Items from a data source
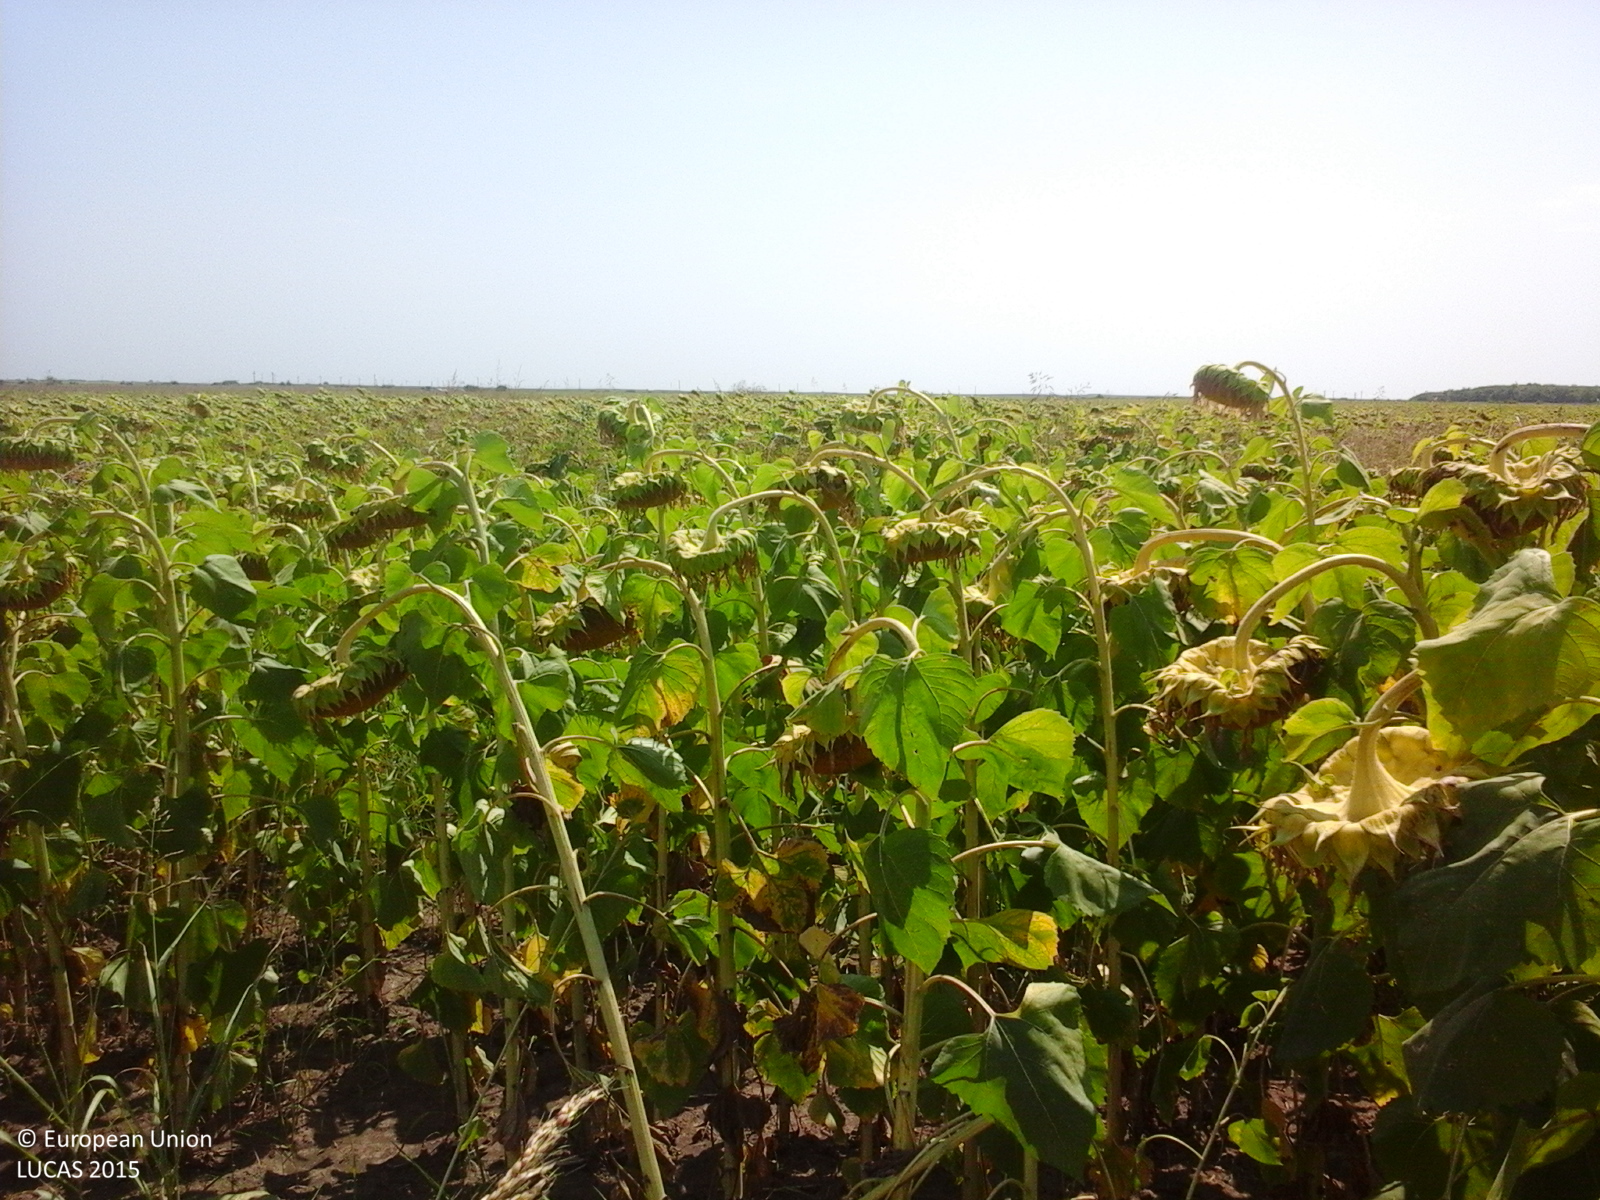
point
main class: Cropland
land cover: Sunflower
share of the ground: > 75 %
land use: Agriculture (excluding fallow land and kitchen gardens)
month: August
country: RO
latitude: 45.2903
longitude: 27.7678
---
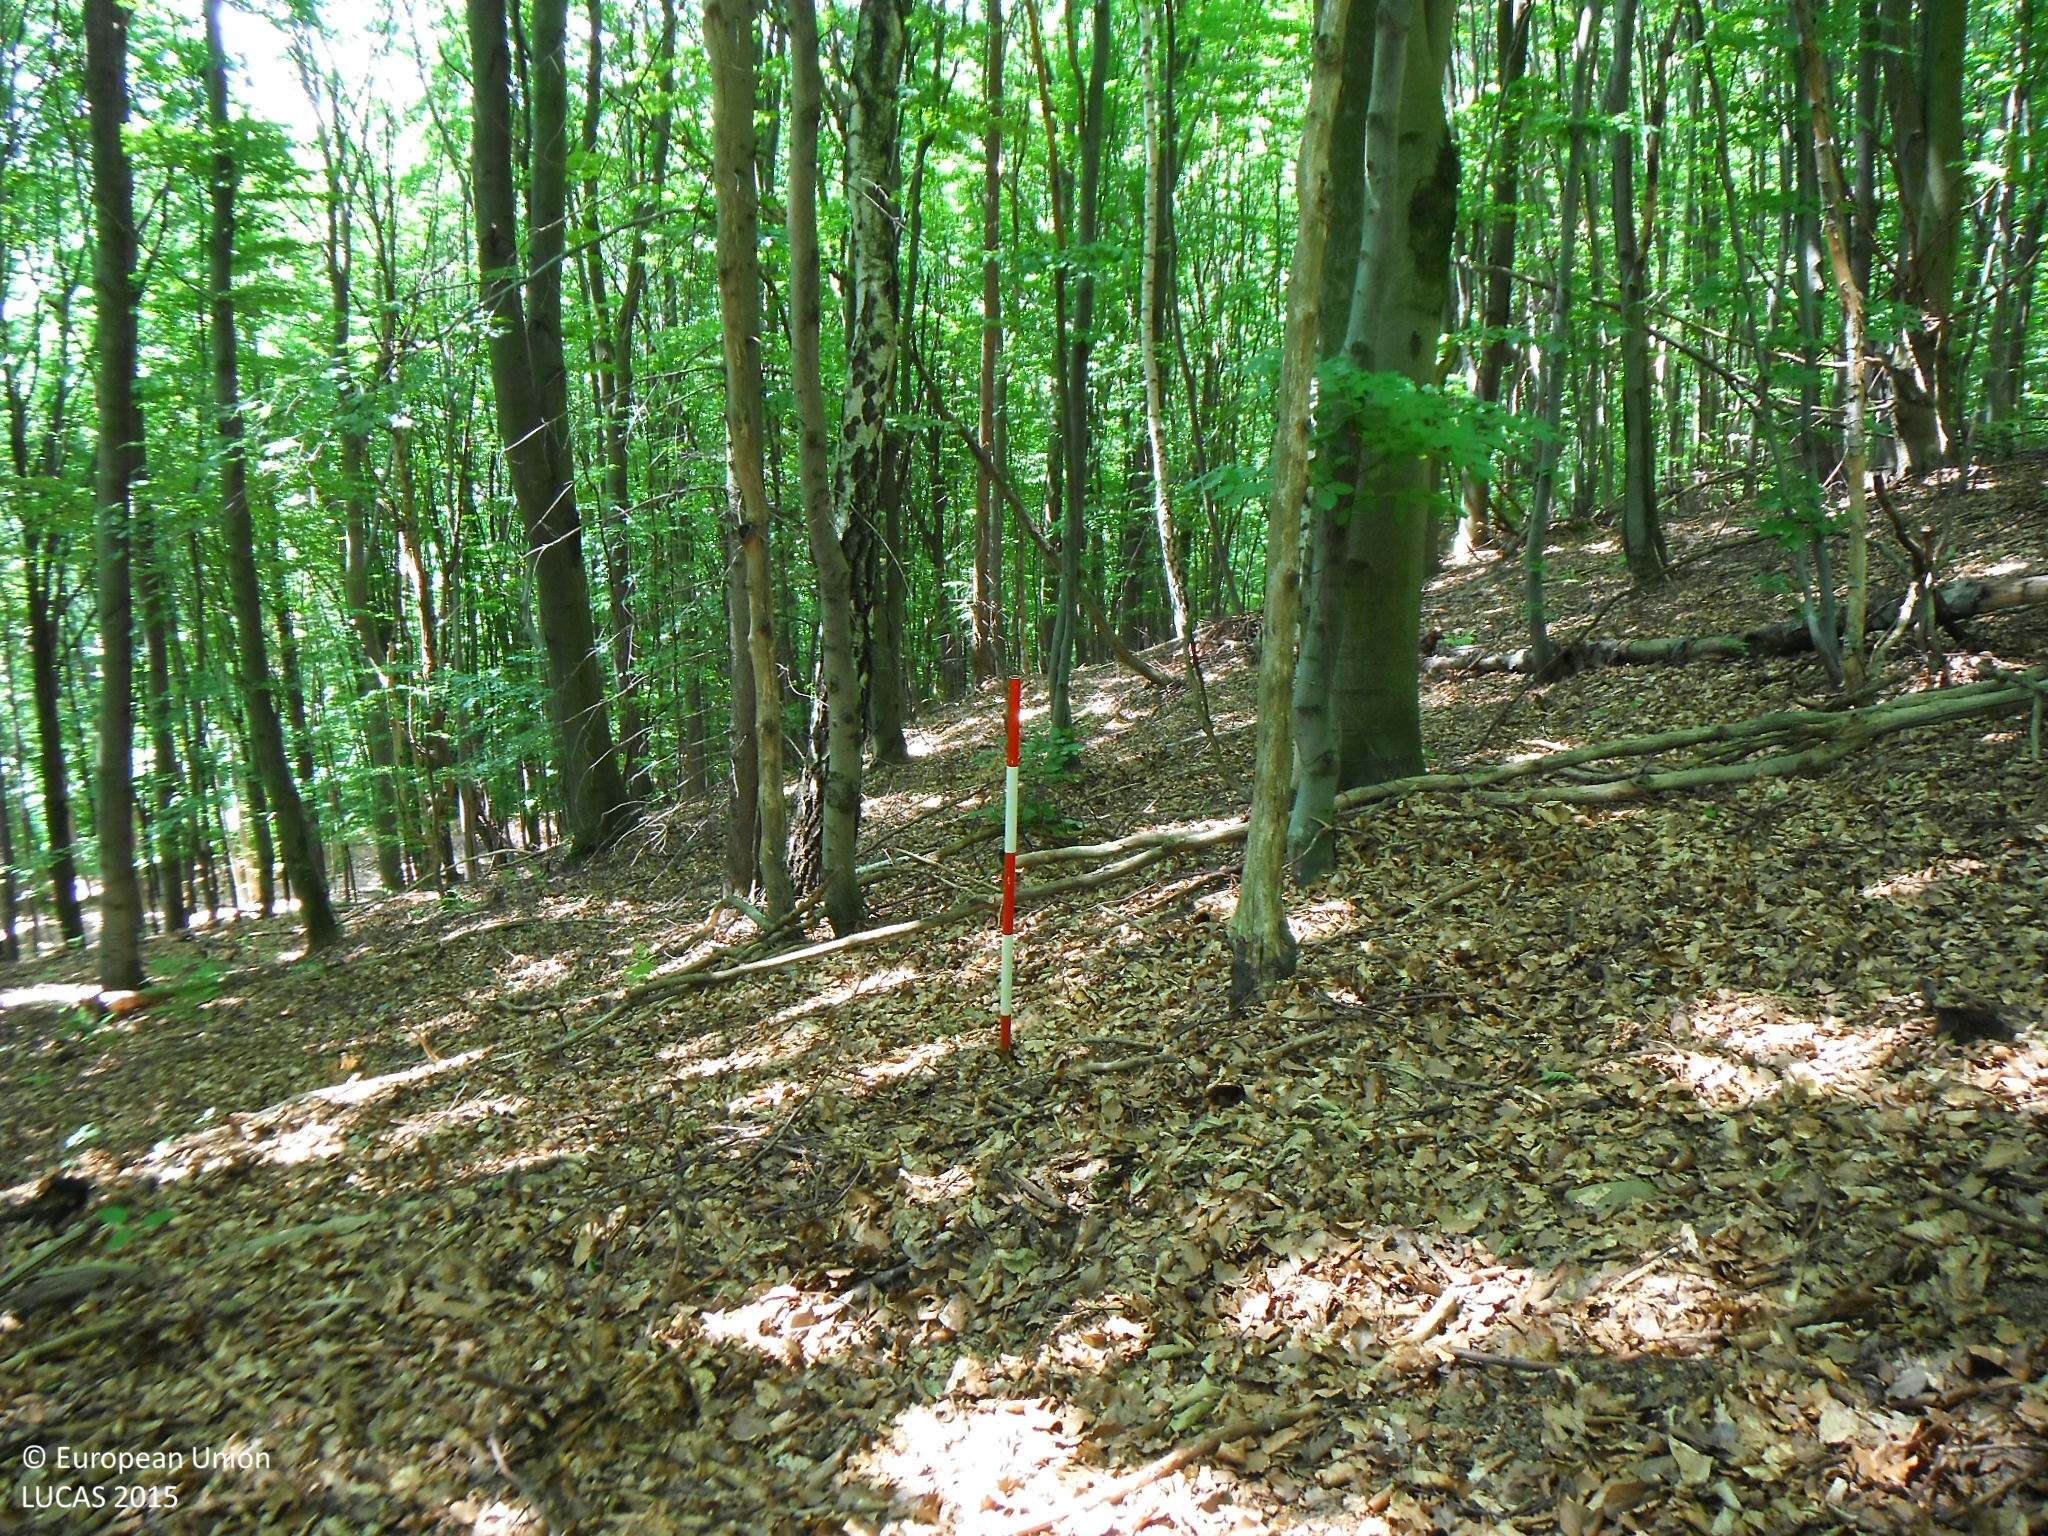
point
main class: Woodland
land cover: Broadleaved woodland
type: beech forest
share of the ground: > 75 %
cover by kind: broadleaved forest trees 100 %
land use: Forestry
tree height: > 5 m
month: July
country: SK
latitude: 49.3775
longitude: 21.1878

- Exercise prompt:
Reproduce verbatim the lines above, from the line with "land cover: Sunflower" through the line with "longitude: 27.7678".

- Output for this task:
land cover: Sunflower
share of the ground: > 75 %
land use: Agriculture (excluding fallow land and kitchen gardens)
month: August
country: RO
latitude: 45.2903
longitude: 27.7678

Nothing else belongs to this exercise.